He was the one that I was totally besotted with. It took me years to get over him, even though I married my first husband just 5 months later.

OMG, I never even put that together before; how "on the rebound" I was . . .

OK, I'll quit now, before I start remember other unpleasant, embarrassing things . . . LOL

Lynnie said...

Jo, you wrote: "He didn't show up at one of his own family overnight get togethers where i had been invited (and arrived separately with his brother) and i was there the whole weekend with his family but without him."

I had one of those, too. Carl (Bad Boyfriend between husband #1 and present husband) invited me to his sister's wedding at a very posh resort in Lake Geneva, Wisconsin. He brought me there, and then ignored me for the entire weekend, spending all of his time playing golf and drinking with his Dad and the brothers-in-law, leaving me with his Mom and sisters whom I had never met before. They were so sweet to me, but I was really hurt to be so ignored.

OK, now I'm done for sure!

Unknown said...

I have way too many to tell.

Let's see....there was James...he was seeing me and a bunch of other girls on campus AND he was engaged to a girl back home. When I found out I sold his car on the free flyer at the grocery store. He didn't find that amusing at all.

Then there were the many stream of losers that I dated after my divorce...there was James with the 2 inch penis who had to end our dates at ten. Said he had to work early..but it was because his real girlfriend got off work then.

Oh, and the bi-sexual soldier who was married?

And Larry who wanted to get married and have babies on our first date..

And for everyone, Satan was actually a wonderful boyfriend and a husband..till he wasn't.

IslandPearl said...

I have a new blog (additional) ... it's at
http://whoawhuh.blogspot.com/
and is somewhat self explanatory.

Modern Hippie said...

you told me to come post one, but i have to think harder for one. i mean james was shitty but there arent any stories really, or i dont rememebr them they were a long time ago! ill think and get back to you i just didnt want you to think i ignored your email to check it out.

equeyaya said...

I don't have too much material for this, being that I met my husband when I was 15.

There was Glen, from church.

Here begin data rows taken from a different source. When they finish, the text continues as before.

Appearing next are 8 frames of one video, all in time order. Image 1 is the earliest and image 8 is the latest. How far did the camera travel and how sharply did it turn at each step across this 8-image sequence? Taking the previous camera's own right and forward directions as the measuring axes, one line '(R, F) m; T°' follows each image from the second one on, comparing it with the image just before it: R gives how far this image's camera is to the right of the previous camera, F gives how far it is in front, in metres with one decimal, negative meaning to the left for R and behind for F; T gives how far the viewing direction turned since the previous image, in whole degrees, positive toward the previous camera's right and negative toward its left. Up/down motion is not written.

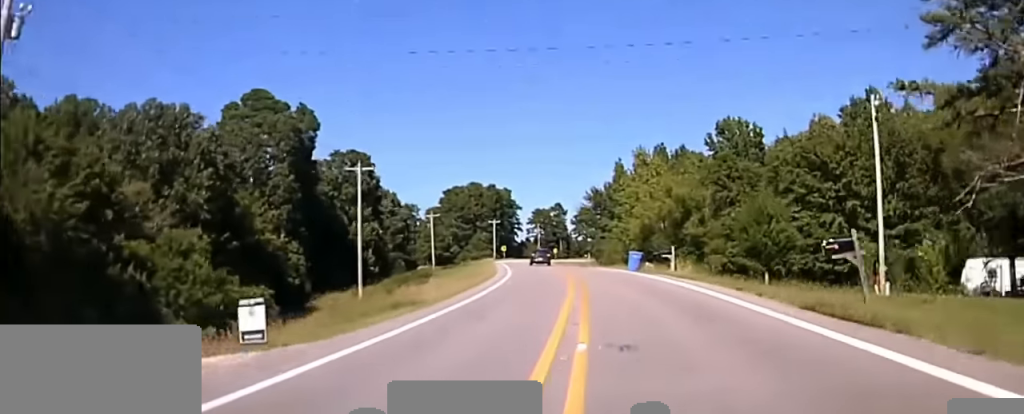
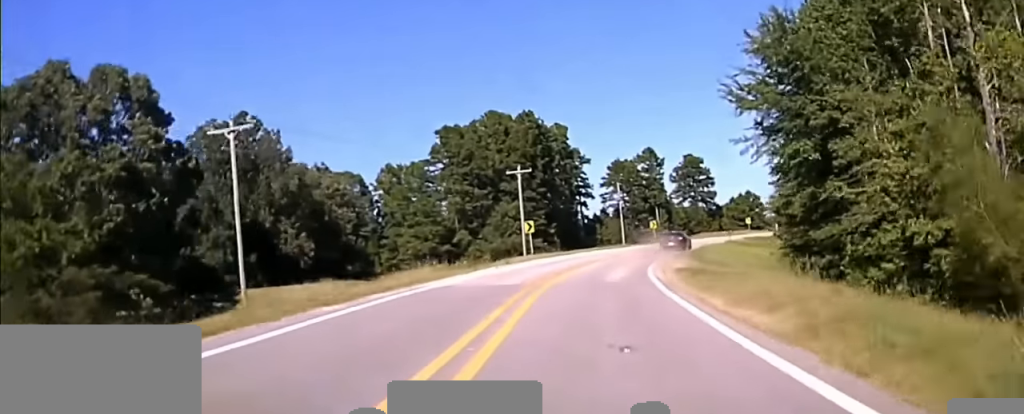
(-6.8, +101.7) m; -5°
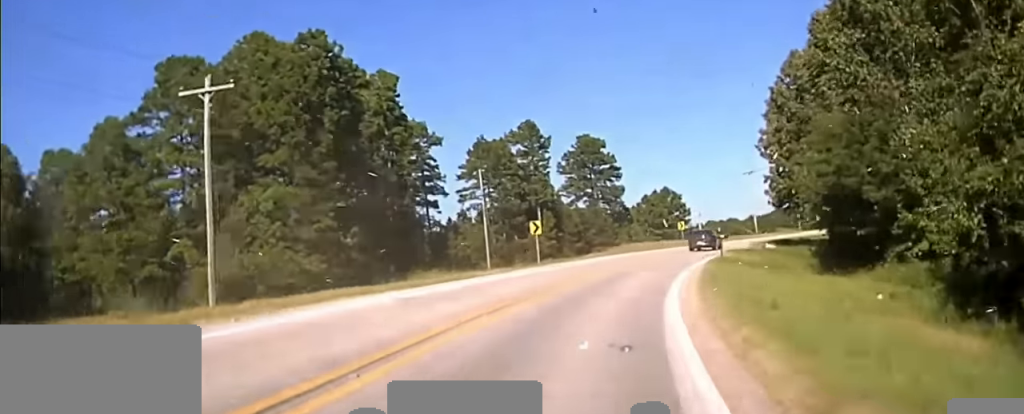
(+2.2, +62.3) m; +6°
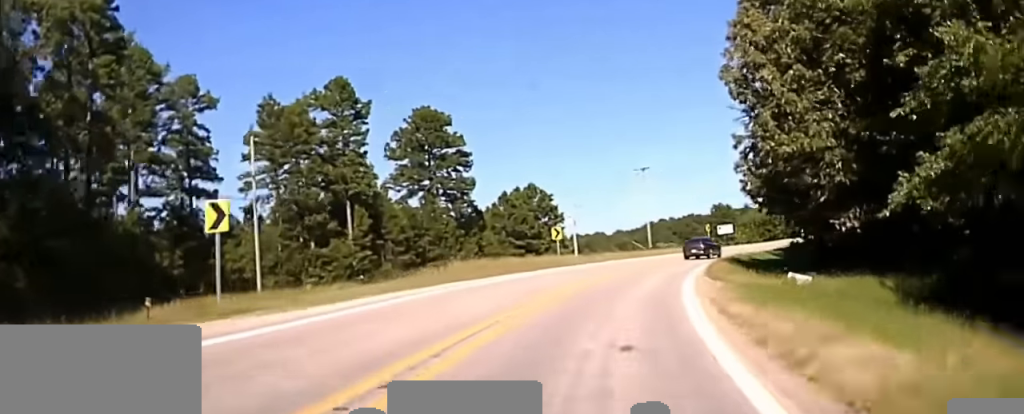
(+1.4, +32.6) m; +7°
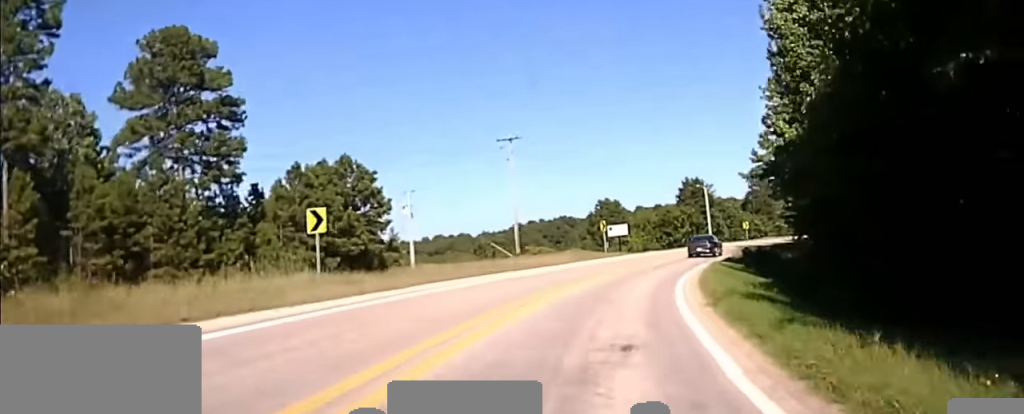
(+3.0, +27.6) m; +9°
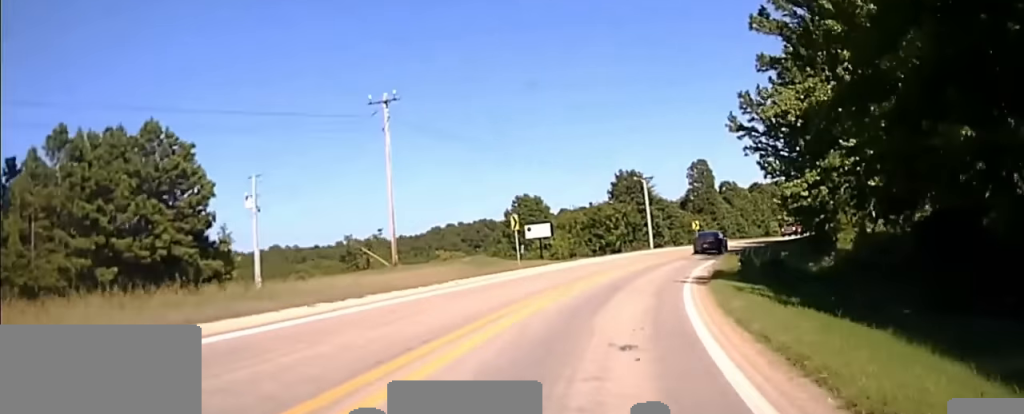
(+1.1, +16.3) m; +5°
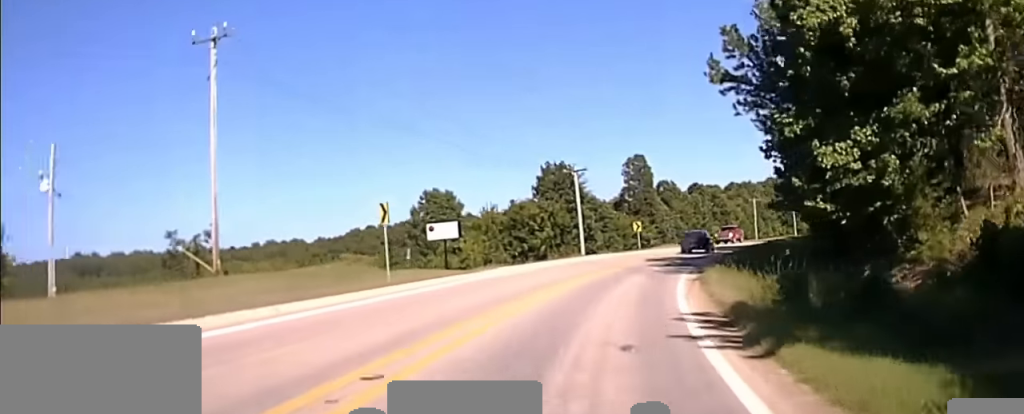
(0.0, +11.9) m; +3°
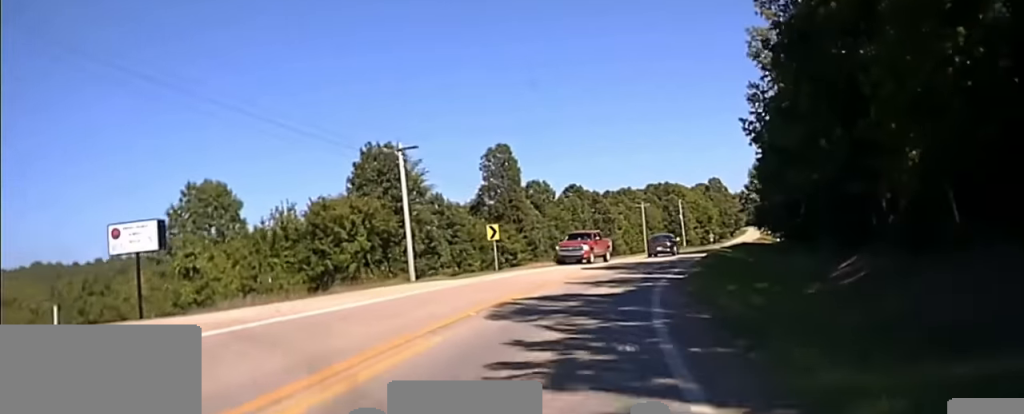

He was the first boy that ever paid attention to me. He was 15, I was 13 (I think), and he made me feel special. We had a youth group activity one night, rollerskating I believe. My dad drove a bunch of us in his pickup truck with a cap on the back. There was a table in it with bench seats all around, and a bunch of us rode back there. I brought my friend, Beth, who was a year older than me, and had boobs. Glen sat between us. He kissed me on the cheek, and I was so happy about that, until Beth told me later that he kissed her, too.

~ T (grits) ~ said...

Too many bad boys to even count but some I do remember, in no particular order...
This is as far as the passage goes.